A turning point came in 1943 when a man walked into the club and asked to play with a pro. When Khan offered, the man laughed at him until Khan offered to give the stranger a 50-point handicap – meaning that Khan had to score 59 points and the other man only nine. “Where do I change clothes?” the man said sternly, before being trounced by Khan. He turned out to be a Bombay bank manager and the city’s second-ranked amateur player.
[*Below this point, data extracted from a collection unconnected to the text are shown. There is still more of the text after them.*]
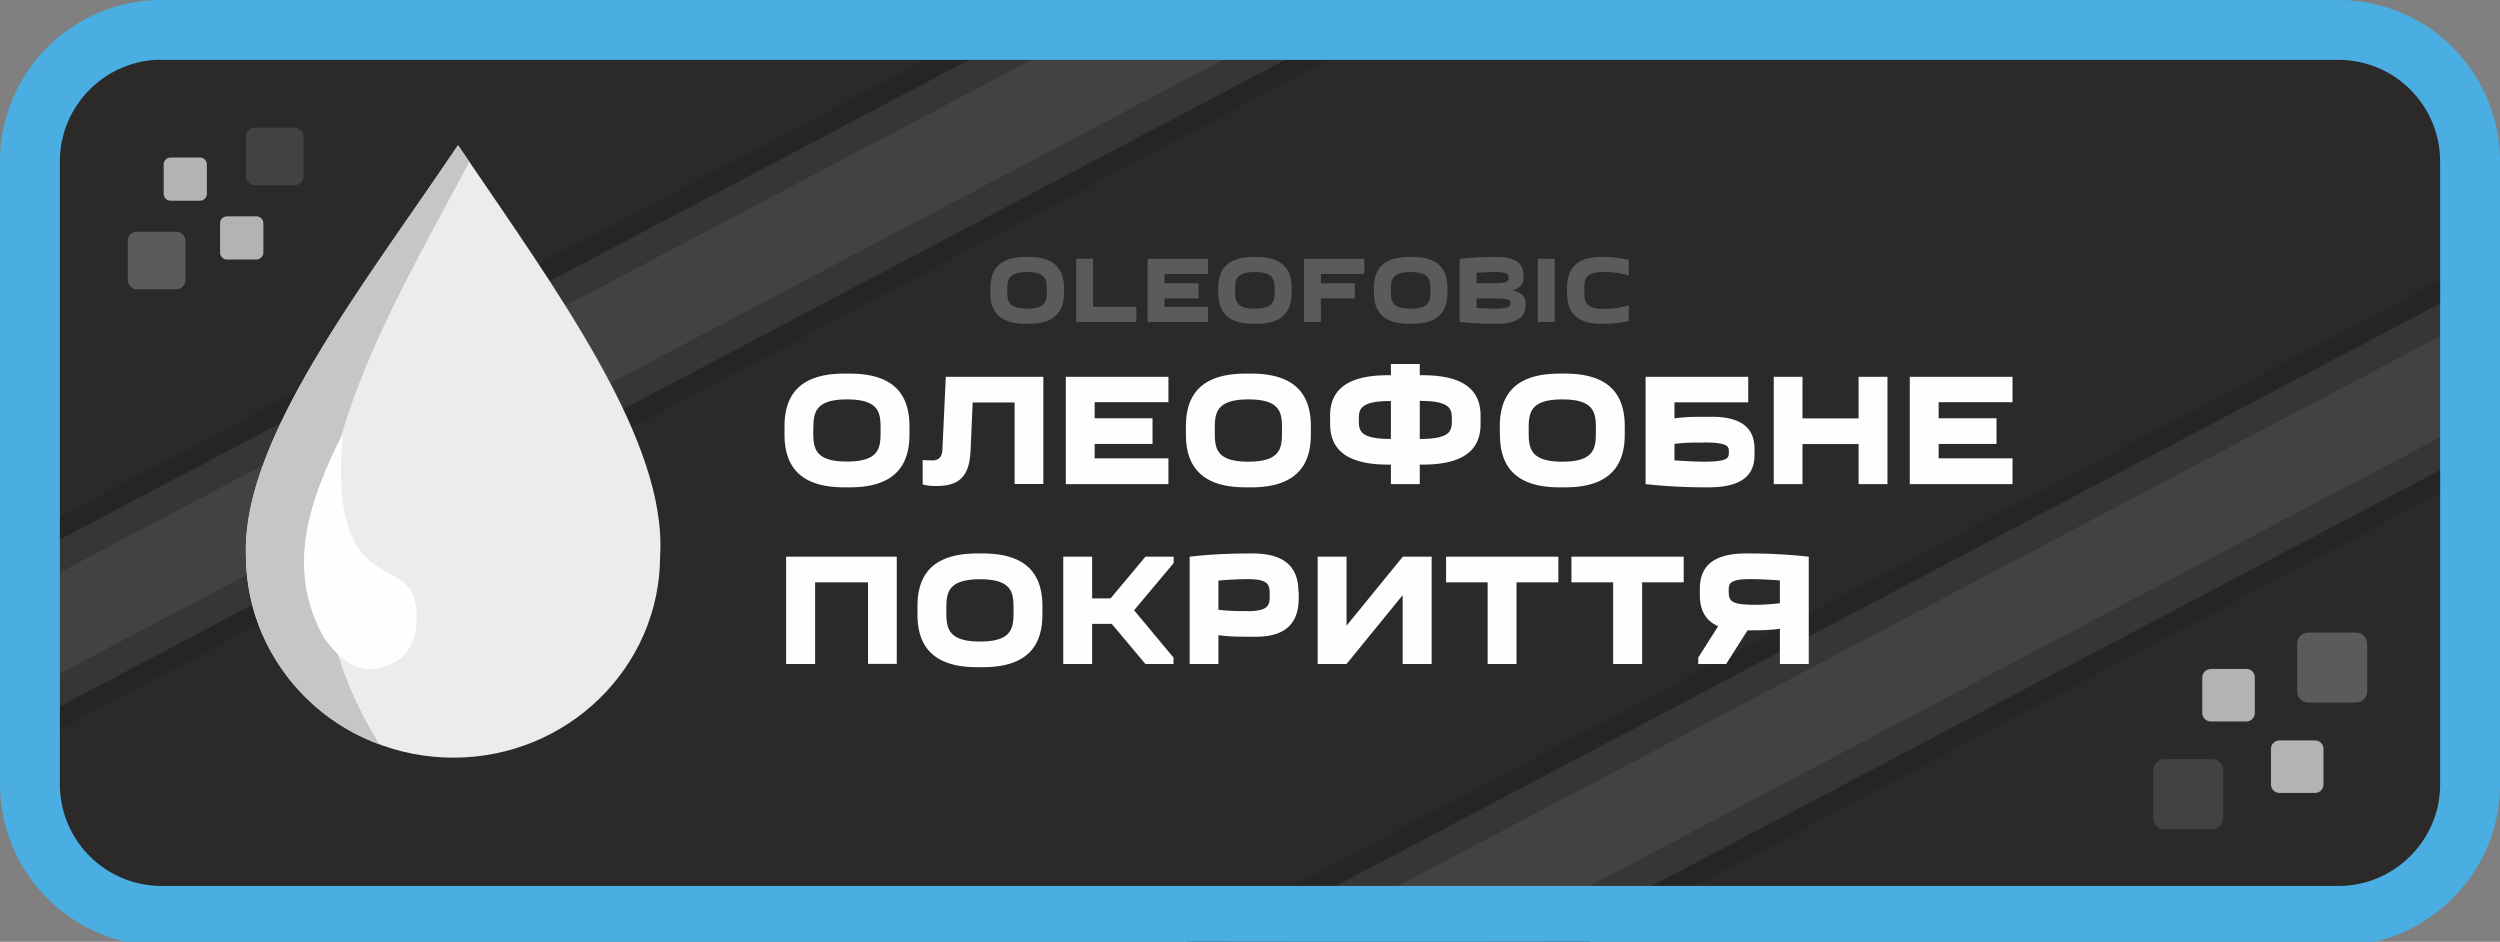 <svg xmlns="http://www.w3.org/2000/svg" viewBox="0 0 187.09 70.48">
  <rect x="0" y="0" width="187.09" height="70.48" fill="#808080" stroke="none"/>
  <path fill="#2b2a29" fill-rule="evenodd" d="M13.24 1.92H173.7a11.5 11.5 0 0 1 11.46 11.46v44.29a11.5 11.5 0 0 1-11.46 11.46H13.24A11.5 11.5 0 0 1 1.78 57.67V13.38A11.5 11.5 0 0 1 13.24 1.92Z"/>
  <path fill="#434242" fill-rule="evenodd" d="M0 45.16 85.57.01l13.41.02.24.45L0 52.82v-7.66z"/>
  <path fill="#353635" fill-rule="evenodd" d="M0 52.77 99.2.43l1.1 2.09L.33 55.25 0 54.62v-1.85z"/>
  <path fill="#252525" fill-rule="evenodd" d="m.25 55.09 99.96-52.74.71 1.34L.95 56.43l-.7-1.34z"/>
  <path fill="#353635" fill-rule="evenodd" d="M0 45.2 85.6.04h-5.01L0 42.53v2.67z"/>
  <path fill="#252525" fill-rule="evenodd" d="M0 42.74 80.94.04 77.77 0 0 41.03v1.71z"/>
  <path fill="#434242" fill-rule="evenodd" d="m96.61 70.48 90.48-47.73v7.66l-75.95 40.07H96.61z"/>
  <path fill="#353635" fill-rule="evenodd" d="m111.04 70.48 76.05-40.12v2.66l-71 37.46h-5.05z"/>
  <path fill="#252525" fill-rule="evenodd" d="m115.69 70.48 71.4-37.67v1.72l-68.15 35.95h-3.25z"/>
  <path fill="#353635" fill-rule="evenodd" d="m96.69 70.48 90.4-47.69v-2.66L91.64 70.48h5.05z"/>
  <path fill="#252525" fill-rule="evenodd" d="m92.04 70.48 95.05-50.14v-.48l-.51-.97-97.79 51.59h3.25z"/>
  <path fill="#4baee2" fill-rule="evenodd" d="M12.07 0h162.95a12.1 12.1 0 0 1 12.07 12.07v46.64c0 5.72-4.05 10.55-9.42 11.77H9.42A12.12 12.12 0 0 1 0 58.7V12.07A12.1 12.1 0 0 1 12.07 0Zm0 4.48h162.95a7.61 7.61 0 0 1 7.59 7.59V58.7c0 4.18-3.42 7.6-7.6 7.6H12.08a7.61 7.61 0 0 1-7.6-7.6V12.07c0-4.17 3.42-7.6 7.6-7.6Z"/>
  <path fill="#ebecec" fill-rule="evenodd" d="M49.4 41.59c0 8.34-6.93 15.11-15.47 15.11s-15.52-6.77-15.52-15.1c-.3-8.7 8.59-19.93 15.87-30.73C41.7 21.8 49.93 32.97 49.4 41.6Z"/>
  <path fill="#c5c6c6" fill-rule="evenodd" d="M28.44 55.72A15.16 15.16 0 0 1 18.4 41.6c-.3-8.7 8.59-19.93 15.87-30.73l.85 1.25c-7.53 14.11-16.36 28.13-6.7 43.61Z"/>
  <path fill="#fefefe" fill-rule="evenodd" d="M25.66 32.42c-2.55 5.06-4.29 10.13-1.44 15.27 1.78 2.58 3.76 3.09 5.93 1.44 1.46-1.45 1.1-4.01.66-4.84-1.2-2.31-6.21-.65-5.15-11.87Z"/>
  <path fill="#434242" fill-rule="evenodd" d="M161.99 56.81h3.55c.46 0 .84.38.84.85v3.55c0 .47-.38.85-.84.85h-3.55a.85.85 0 0 1-.85-.85v-3.55c0-.47.38-.85.85-.85Z"/>
  <path fill="#5b5b5b" fill-rule="evenodd" d="M172.76 47.34h3.55c.46 0 .84.38.84.85v3.55c0 .46-.38.84-.84.84h-3.55a.85.85 0 0 1-.85-.84v-3.55c0-.47.38-.85.85-.85Z"/>
  <path fill="#b2b3b3" fill-rule="evenodd" d="M170.58 55.41h2.67c.35 0 .63.28.63.63v2.67c0 .35-.28.63-.63.63h-2.67a.64.64 0 0 1-.63-.63v-2.67c0-.35.29-.63.63-.63Zm-5.13-5.35h2.66c.35 0 .63.28.63.63v2.66c0 .35-.28.64-.63.64h-2.66a.64.64 0 0 1-.64-.64V50.7c0-.35.29-.63.64-.63Z"/>
  <path fill="#434242" fill-rule="evenodd" d="M22.03 13.87H19.1a.7.7 0 0 1-.7-.7v-2.92c0-.38.32-.7.7-.7h2.92c.38 0 .7.32.7.7v2.92a.7.7 0 0 1-.7.7Z"/>
  <path fill="#5b5b5b" fill-rule="evenodd" d="M13.18 21.65h-2.92a.7.7 0 0 1-.7-.7v-2.91c0-.39.31-.7.7-.7h2.92c.38 0 .7.31.7.7v2.92a.7.7 0 0 1-.7.69Z"/>
  <path fill="#b2b3b3" fill-rule="evenodd" d="M14.96 15.02h-2.19a.52.52 0 0 1-.52-.52v-2.2c0-.28.24-.51.52-.51h2.2c.28 0 .51.23.51.52v2.19c0 .28-.23.52-.52.52Zm4.22 4.4H17a.52.52 0 0 1-.53-.52v-2.2c0-.28.24-.51.53-.51h2.18c.3 0 .53.23.53.52v2.19c0 .29-.24.52-.53.52Z"/>
  <path fill="#fefefe" d="M58.71 32.52c0 2.17.97 3.95 4.46 3.95h.43c3.5 0 4.46-1.78 4.46-3.95v-.62c0-2.17-.97-3.94-4.46-3.94h-.43c-3.48 0-4.46 1.77-4.46 3.94v.62Zm2.16-.3c0-1.22 0-2.33 2.52-2.33S65.9 31 65.9 32.2c0 1.23 0 2.34-2.52 2.34s-2.52-1.11-2.52-2.34Zm8.84 2.23c-.18 0-.47 0-.66-.03v1.83c.28.1.68.12 1.04.12 1.86 0 2.44-.9 2.54-2.57l.16-3.68h3.14v6.1h2.15V28.2h-7.3l-.25 5.36c-.02.58-.19.9-.82.9Zm17.73-6.25h-7.68v8.03h7.68V34.3h-5.52v-1.08h4.33V31.3h-4.33v-1.2h5.52v-1.9Zm1.31 4.32c0 2.17.97 3.95 4.46 3.95h.43c3.49 0 4.46-1.78 4.46-3.95v-.62c0-2.17-.97-3.94-4.46-3.94h-.43c-3.49 0-4.46 1.77-4.46 3.94v.62Zm2.16-.3c0-1.22 0-2.33 2.52-2.33s2.51 1.11 2.51 2.32c0 1.23 0 2.34-2.52 2.34s-2.51-1.11-2.51-2.34Zm13.18-4.98v.84h-.21c-3.4 0-4.34 1.36-4.34 3.03v.62c0 1.67.94 3.04 4.34 3.04h.21v1.46h2.16v-1.46h.22c3.39 0 4.33-1.36 4.33-3.04v-.62c0-1.66-.94-3.03-4.33-3.03h-.22v-.84h-2.16Zm-2.4 4.18c0-.74 0-1.41 2.4-1.41v2.84c-2.4 0-2.4-.67-2.4-1.43Zm6.96 0c0 .76 0 1.43-2.4 1.43V30c2.4 0 2.4.67 2.4 1.41Zm3.6 1.1c0 2.17.96 3.95 4.45 3.95h.43c3.49 0 4.46-1.78 4.46-3.95v-.62c0-2.17-.97-3.94-4.46-3.94h-.43c-3.49 0-4.46 1.77-4.46 3.94v.62Zm2.15-.3c0-1.22 0-2.33 2.52-2.33s2.51 1.11 2.51 2.32c0 1.23 0 2.34-2.51 2.34s-2.52-1.11-2.52-2.34Zm16.9 1.37c0-1.32-.7-2.4-3.19-2.4h-.33c-.87 0-1.7 0-2.47.12v-1.2h5.52V28.2h-7.68v8.03c1.37.15 2.94.24 4.39.24h.33c2.69 0 3.43-1.08 3.43-2.4v-.48Zm-3.86-.48c1.94 0 1.94.31 1.94.72 0 .42 0 .72-1.86.72-.5 0-1.42-.04-2.21-.1v-1.23c.74-.1 1.39-.1 2.13-.1Zm5.3-4.91v8.03h2.15v-3h4.2v3h2.16V28.2h-2.16v3.11h-4.2V28.2h-2.15Zm17.87 0h-7.69v8.03h7.69V34.3h-5.53v-1.08h4.33V31.3h-4.33v-1.2h5.53v-1.9ZM58.83 41.66v8.03H61v-6.11h3.96v6.1h2.15v-8.02h-8.27Zm9.83 4.33c0 2.16.97 3.94 4.46 3.94h.43c3.5 0 4.46-1.78 4.46-3.94v-.63c0-2.17-.97-3.94-4.46-3.94h-.43c-3.49 0-4.46 1.77-4.46 3.94V46Zm2.16-.32c0-1.2 0-2.32 2.52-2.32s2.51 1.11 2.51 2.32c0 1.23 0 2.34-2.51 2.34s-2.52-1.11-2.52-2.33Zm8.75-4.01v8.03h2.16v-3h1.47l2.52 3h2.1v-.48l-2.95-3.54 2.96-3.53v-.48h-2.11l-2.61 3.12h-1.38v-3.12h-2.16Zm17.6 2.64c0-1.59-.74-2.88-3.42-2.88h-.34c-1.45 0-3.02.08-4.38.24v8.03h2.15v-2.16c.78.12 1.6.12 2.47.12H94c2.49 0 3.19-1.3 3.19-2.88v-.48Zm-3.85 1.43c-.75 0-1.4 0-2.14-.1v-2.18c.8-.08 1.72-.11 2.22-.11 1.62 0 1.62.49 1.62 1.2 0 .69 0 1.2-1.7 1.2Zm7.45 1.08v-5.15h-2.16v8.03h2.16l4.2-5.15v5.15h2.17v-8.03h-2.16l-4.2 5.15Zm12.72 2.88v-6.11h3.13v-1.92h-8.4v1.92h3.11v6.11h2.16Zm9.4 0v-6.11H126v-1.92h-8.4v1.92h3.12v6.11h2.15Zm6.29 0 1.6-2.52c.84 0 1.66 0 2.42-.12v2.64h2.16v-8.03a40.14 40.14 0 0 0-4.39-.24h-.33c-2.69 0-3.43 1.19-3.43 2.64v.48c0 1 .34 1.88 1.37 2.32l-1.49 2.35v.48h2.09Zm1.77-6.35c.55 0 1.46.03 2.25.1v1.7c-.74.1-1.47.12-1.88.12-1.92 0-1.95-.34-1.95-1.1 0-.43.01-.82 1.58-.82Z"/>
  <path fill="#5b5b5b" d="M74.11 21.91c0 1.28.57 2.32 2.62 2.32H77c2.05 0 2.62-1.04 2.62-2.32v-.36c0-1.28-.57-2.32-2.62-2.32h-.26c-2.05 0-2.62 1.04-2.62 2.32v.36Zm1.27-.18c0-.71 0-1.37 1.48-1.37s1.48.66 1.48 1.37c0 .72 0 1.37-1.48 1.37s-1.48-.65-1.48-1.37Zm9.66 2.36v-1.13H81.8v-3.6h-1.26v4.73h4.51Zm5.36-4.72h-4.52v4.72h4.52v-1.13h-3.25v-.63h2.54V21.2h-2.54v-.7h3.25v-1.13Zm.77 2.54c0 1.28.57 2.32 2.62 2.32h.25c2.05 0 2.62-1.04 2.62-2.32v-.36c0-1.28-.57-2.32-2.62-2.32h-.25c-2.05 0-2.62 1.04-2.62 2.32v.36Zm1.26-.18c0-.71 0-1.37 1.48-1.37s1.48.66 1.48 1.37c0 .72 0 1.37-1.48 1.37s-1.48-.65-1.48-1.37Zm9.67-2.36h-4.52v4.72h1.27v-1.76h2.54V21.2h-2.54v-.7h3.25v-1.13Zm.72 2.54c0 1.28.57 2.32 2.62 2.32h.26c2.05 0 2.62-1.04 2.62-2.32v-.36c0-1.28-.57-2.32-2.62-2.32h-.26c-2.05 0-2.62 1.04-2.62 2.32v.36Zm1.27-.18c0-.71 0-1.37 1.48-1.37s1.48.66 1.48 1.37c0 .72 0 1.37-1.48 1.37s-1.48-.65-1.48-1.37Zm5.14-2.36v4.72c.8.1 1.73.14 2.58.14h.2c1.7 0 2.16-.63 2.16-1.4v-.15c0-.41-.24-.79-.98-.96.63-.16.83-.52.83-.94v-.14c0-.78-.43-1.41-2.01-1.41h-.2c-.85 0-1.77.05-2.58.14Zm2.61.99c1.02 0 1.06.19 1.06.42 0 .24 0 .42-1.14.42h-1.26v-.78c.47-.04 1-.06 1.34-.06Zm-.08 1.97c1.28 0 1.28.15 1.28.35 0 .23-.05.42-1.18.42-.37 0-.9-.02-1.36-.06v-.71h1.26Zm3.32-2.96v4.72h1.27v-4.72h-1.27Zm2.19 2.54c0 1.28.56 2.32 2.55 2.32h.25c.64 0 1.24-.08 1.82-.22v-1.16c-.65.2-1.37.27-1.85.27-1.47 0-1.47-.59-1.47-1.39s0-1.38 1.47-1.38c.48 0 1.2.07 1.85.26v-1.15a7.3 7.3 0 0 0-1.82-.23h-.25c-2 0-2.55 1.04-2.55 2.32v.36Z"/>
</svg>

The next year Khan began a run of wins at the All-of-India championship in Bombay. Khan, who was tigerish about spotting weaknesses in opponents, recounted in Squash Racquets how he surprised his hardest opponent, Adbul Bari, a reigning champion with a killer drop shot: “Bari had best soft shot I see anywhere. This is how he makes points. But I am light like a fly, 112lb only, and never before does he see me run. I watch close. When I see him start with wrist to make that drop shot, that moment I am on way to front. He thinks I am never in time, he relaxes. Abdul Bari is relaxing when I reach and stroke and put that ball away.”
He was in his late thirties when the Pakistan Air Force sponsored him for the 1951 British Open. It marked the first time he had worn shoes on the court. At the age when many players retire, he beat the world champion, Mahmoud El Karim of Egypt, 9-5, 9-0, 9-0.
“My game is simple at this time,” he wrote. “I drive very hard and low, cross court, and sometimes I play soft drop shots, that is all. But speed on my feet, I have this, I can get to ball. Also, I think fast. When I am up front in court, and El Karim tries to pass me with a ball, sometimes I surprise him: I do not run after that ball to back, I leap out and get that ball in front.
“Ball is going very fast yes, but I see that ball clear, I have time to think about this ball and where I must leap and where I must place it ... I know what I do, and I give thanks for this gift, fast thinking.” Khan won the British open six more times, a record that stood until the Australian Geoff Hunt won eight by 1981 and Jahangir Khan won 10 by 1991.
In the 1960s he moved to Detroit to coach at the Uptown Athletic Club. A decade later he became a pro at the Denver Athletic Club, helping make both sporting centres well-known venues outside the dominant Ivy League squash circuit on the East Coast.
Khan, who had only stopped playing in the past decade, spent much of his career playing exhibition games and running clinics worldwide. In a New Yorker profile, Herbert Warren Wind concluded, “The more I think about it the more convinced I am that the greatest athlete for his age the world has ever seen may well be Hashim Khan.”
Hashim Khan, squash player: born c. 1914; married Mehria Begum (five daughters, and three daughters deceased, seven sons, and one son deceased); died 18 August 2014.